One of the most well-recognized risks for any LLM is the chance of it spreading misinformation within its corporation or user base. This vulnerability can have a significant impact on the user’s surrounding security, integrity, and reputation. Some of the misinformation has been heavily reported on: when an Air Canada customer asked about bereavement rates, their site’s chatbot confidently stated that the ticket can be refunded after travel is completed.  However, when the customer went to request compensation after landing, Air Canada refused, stating that it was only valid before travel. The customer then went on to successfully sue the organization.

A related challenge for internally-facing LLM deployments is overreliance. This happens when employees place too much trust in LLM-generated content without first verifying its accuracy. As a result, misinformation can have a greater impact, as users may incorporate incorrect data into important decisions or processes without proper validation.

#10. Unbounded Resource Usage

Attackers can take advantage of the resource usage required to respond to queries by creating high-volume task queues, or manipulating the model’s context window to degrade performance, disrupt service availability, and drive up operational costs.

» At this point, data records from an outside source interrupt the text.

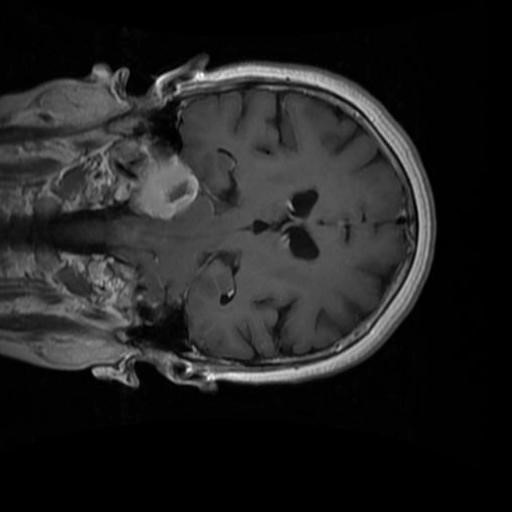
Label: brain_menin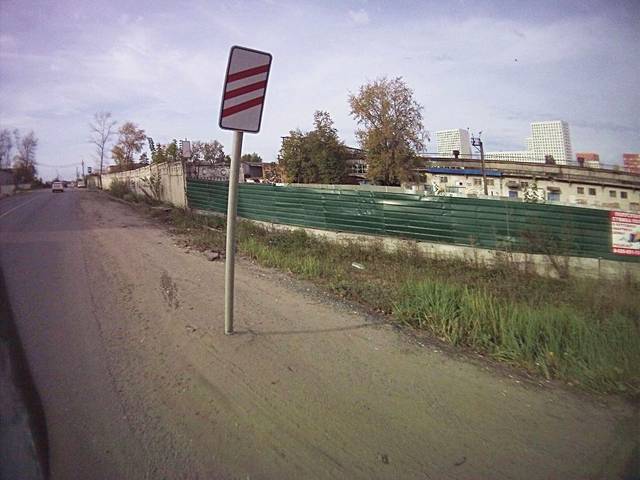
Region: Russia
Coordinates: 55.653, 37.26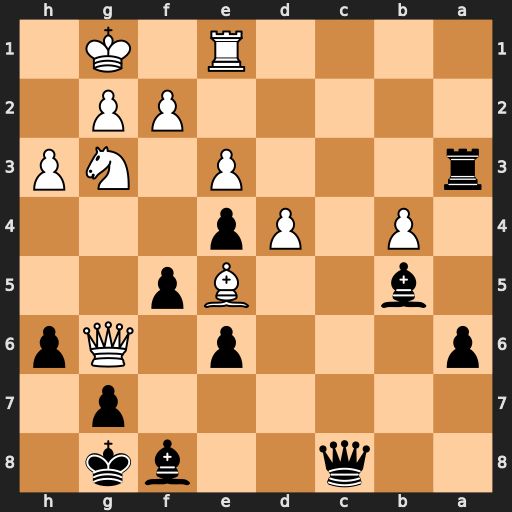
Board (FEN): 2q2bk1/6p1/p3p1Qp/1b2Bp2/1P1Pp3/r3P1NP/5PP1/4R1K1
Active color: b
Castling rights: -
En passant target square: -
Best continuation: Be8 Qxe8 Qxe8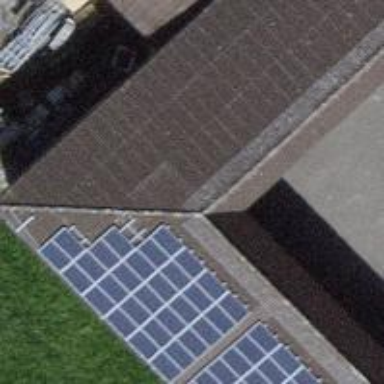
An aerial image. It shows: Solar photovoltaic panel generator.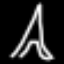
Label: The Eiffel Tower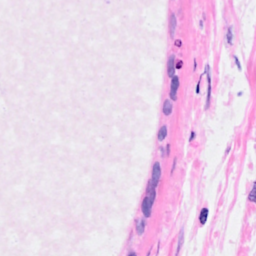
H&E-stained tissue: Breast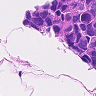
Metastatic tissue present: no

These denial of service (DoS) attacks exploit the resource-intensive nature of LLMs by overwhelming them with computationally expensive tasks.

One particularly concerning technique is recursive context expansion, where an attacker crafts inputs that force the LLM to repeatedly extend and process its context, consuming excessive memory and compute power. Without proper safeguards, such attacks can impact system reliability, slow response times for legitimate users, and introduce financial burdens due to increased resource consumption. Implementing rate limiting, resource allocation controls, and anomaly detection is crucial to mitigating these threats.